I suggest users first go through the important parameters in configs before conducting experiments for better handling such issues.

JessieW0806 commented 1 year ago

Thanks for your help! I have another question. As you said "A hotfix is using our code to re-generate the waymo_dbinfo_train.pkl", I have processed Waymo data using the latest mmdet3d version. Do I need to re-generate only the waymo_dbinfo_train.pkl instead of re-processing the whole dataset?

Abyssaledge commented 1 year ago

You only need to re-generate waymo_dbinfo_train.pkl. If you know well about the format, you only need to modify the coordinates in this pickle file instead of regeneration. FYI, here are our pickles: https://share.weiyun.com/B3Ss4rid. You could compare them with your local data in case of unexpected bugs.

JessieW0806 commented 1 year ago

log.txt I have checked that my processed data are correct. I also make sure the code is the same as your update. However, the log file is still a lot different from your earlier reply (e.g., strange increase), could you please check it, please?

Abyssaledge commented 1 year ago

You could try an experiment without dbsampler. I doubt there is something wrong with it.

JessieW0806 commented 1 year ago

log2.txt I have tested the experiment without dbsampler yesterday, it seems to have the same error.

Abyssaledge commented 1 year ago

Send me an email and I will offer you the trained checkpoint. You could use it for inference to see if the results match.

Abyssaledge commented 1 year ago

I have sent it to you.

JessieW0806 commented 1 year ago

res.txt The output results seem to be fine.... Why is the training of the FSD network from scratch not correct? Could you please help me with it?

Abyssaledge commented 1 year ago

It's hard to say what is going wrong. You could list the detailed procedure you followed, including gata generation, the code you use, and modifications you made if any.
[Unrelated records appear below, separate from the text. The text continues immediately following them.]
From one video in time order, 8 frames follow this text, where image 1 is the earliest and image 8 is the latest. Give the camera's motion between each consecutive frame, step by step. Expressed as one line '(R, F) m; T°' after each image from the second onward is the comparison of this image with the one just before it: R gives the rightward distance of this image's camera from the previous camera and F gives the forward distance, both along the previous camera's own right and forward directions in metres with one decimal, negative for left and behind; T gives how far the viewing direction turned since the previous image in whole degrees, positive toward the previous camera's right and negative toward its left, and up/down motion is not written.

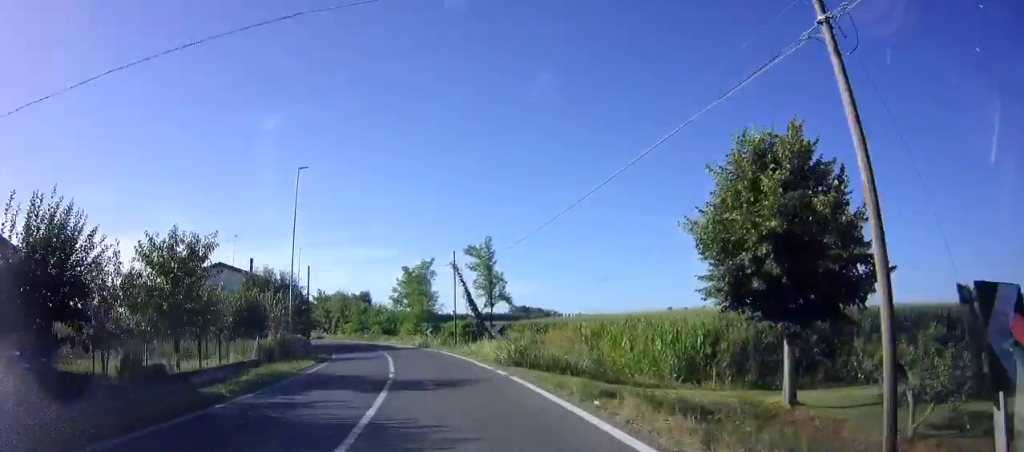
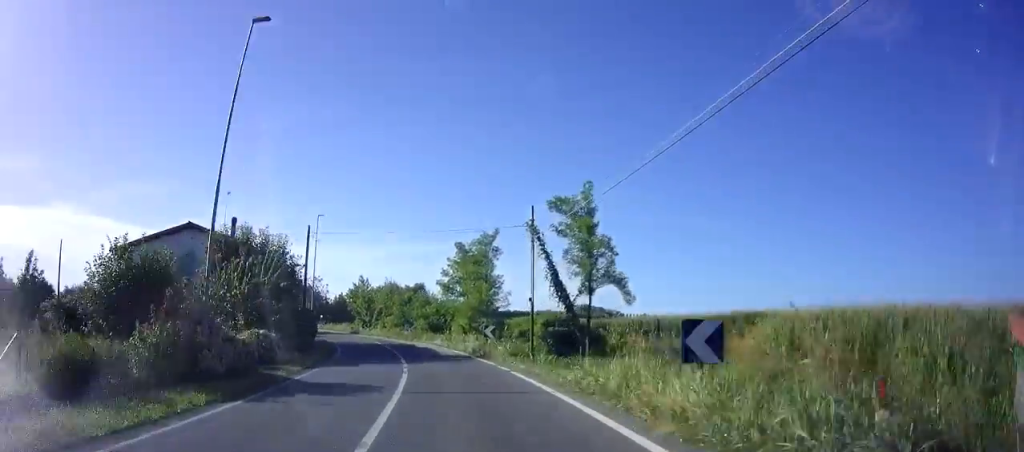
(-0.8, +15.5) m; -6°
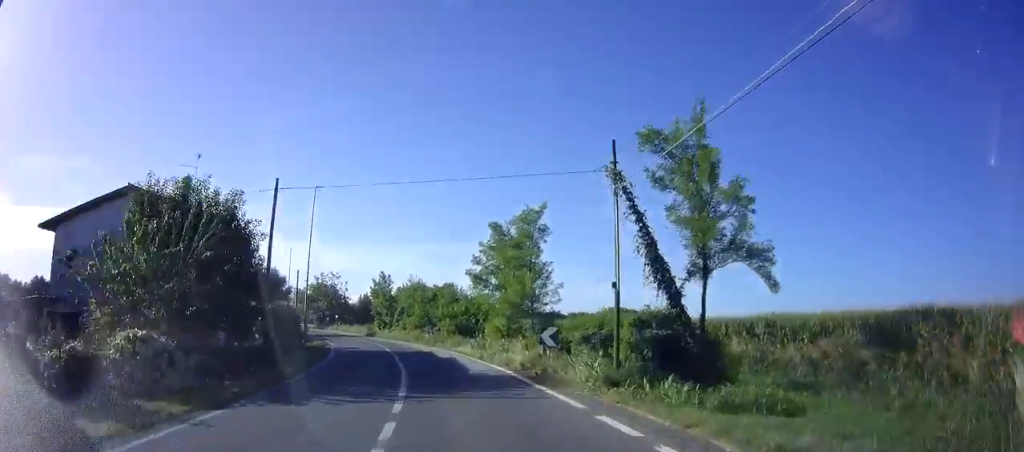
(-0.2, +9.5) m; -4°
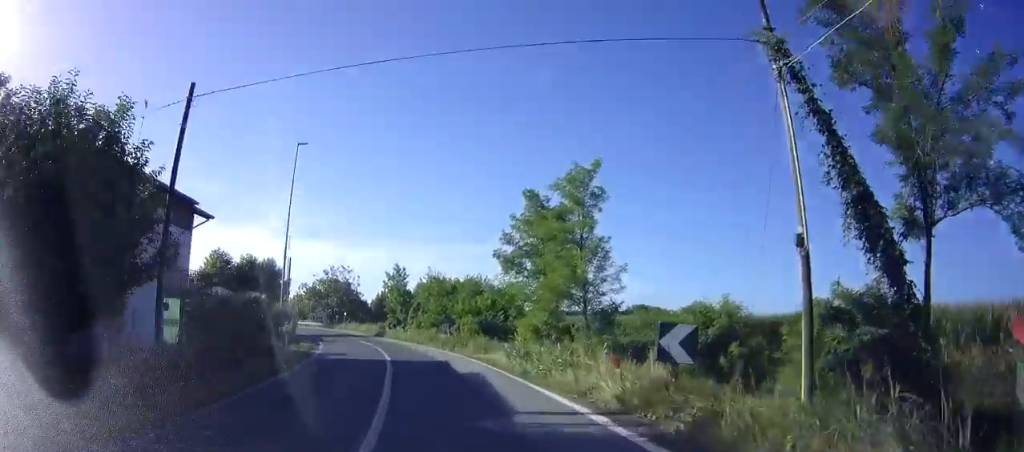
(-0.4, +8.3) m; -3°
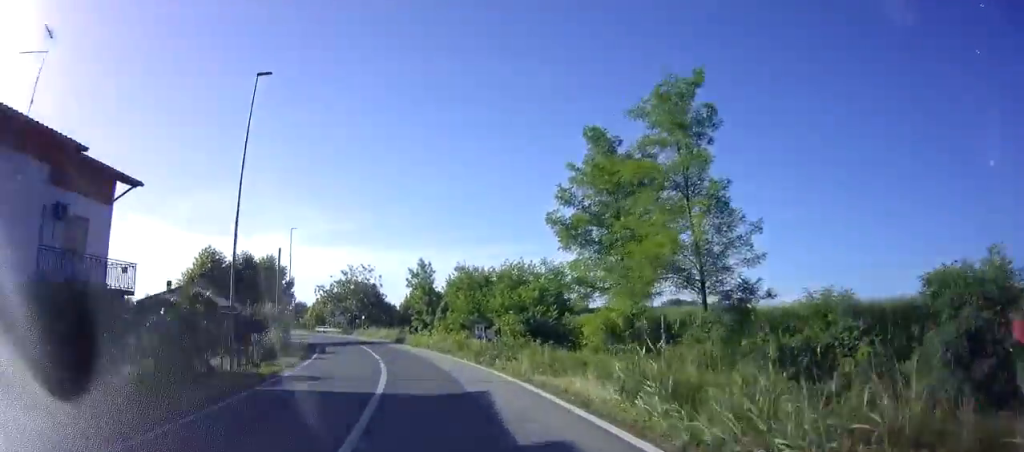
(-0.2, +8.9) m; -3°
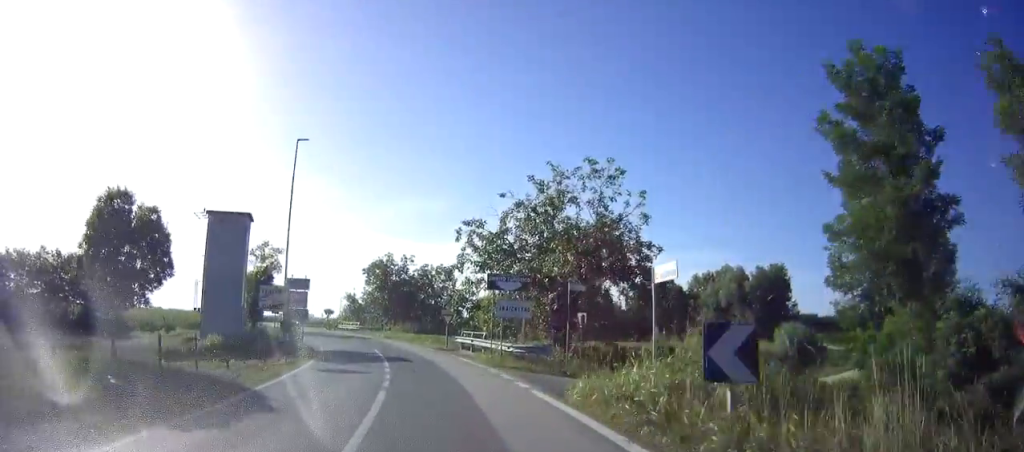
(-10.1, +51.8) m; -22°
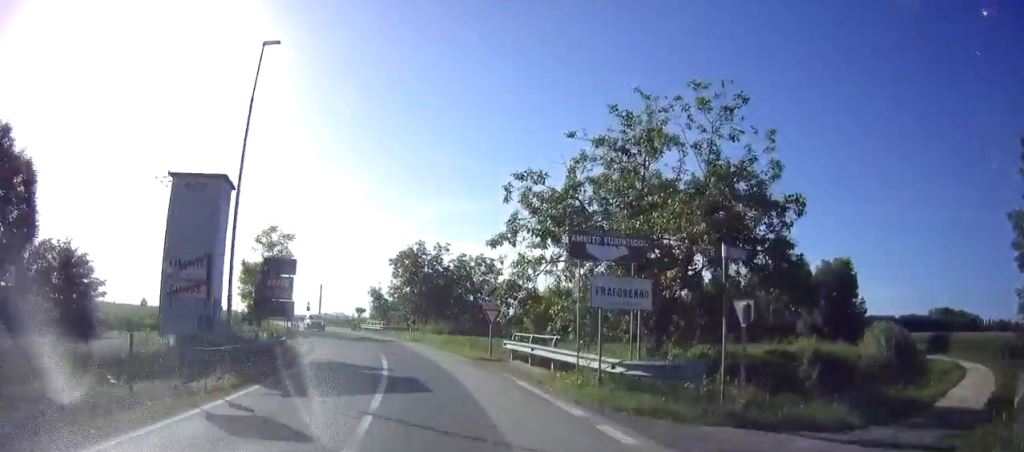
(-0.5, +9.4) m; -3°
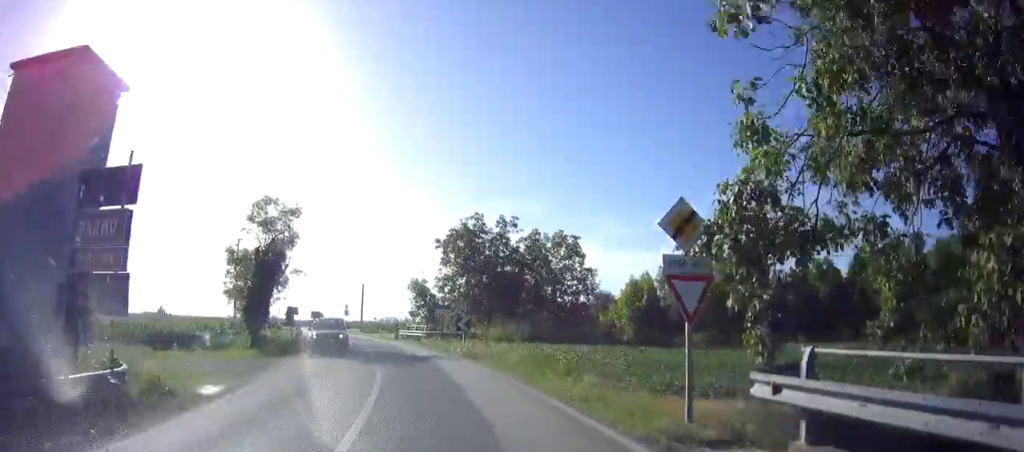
(-0.6, +15.6) m; -6°

I will try to help.

JessieW0806 commented 1 year ago

Thanks for your reply! I re-install the environment, and the training process seems to be ok, but I still get some questions to ask for your opinion. 1) when I use the original config, the whole waymo dataset will be used. The training time is 4 days which is much slower than your log. I use the same setting as you provided with 8 A100 gpus and trained on a cluster srun -p ai4science --async --job-name=FSD_s --gres=gpu:8 --ntasks=8 --ntasks-per-node=8 --cpus-per-task=8 --kill-on-bad-exit=1 bash run2.sh What do you guess is the reason for the difference in training time?

2) If I want to increase samples_per_gpu to 8 (for example), what else do I need to change to get the best performance?

3) I want to use part of the data set for experiments in the future (one-fifth), so it is OK？

Abyssaledge commented 1 year ago

Sorry for late reply. How is it going now?

I don't know, it's hard to say. Check the IO or timing to find the bottleneck.
Increase learning rate and increase the num in IoUNegPiecewiseSampler along with batch size.
If you realize this by setting the load_interval, it will be fine.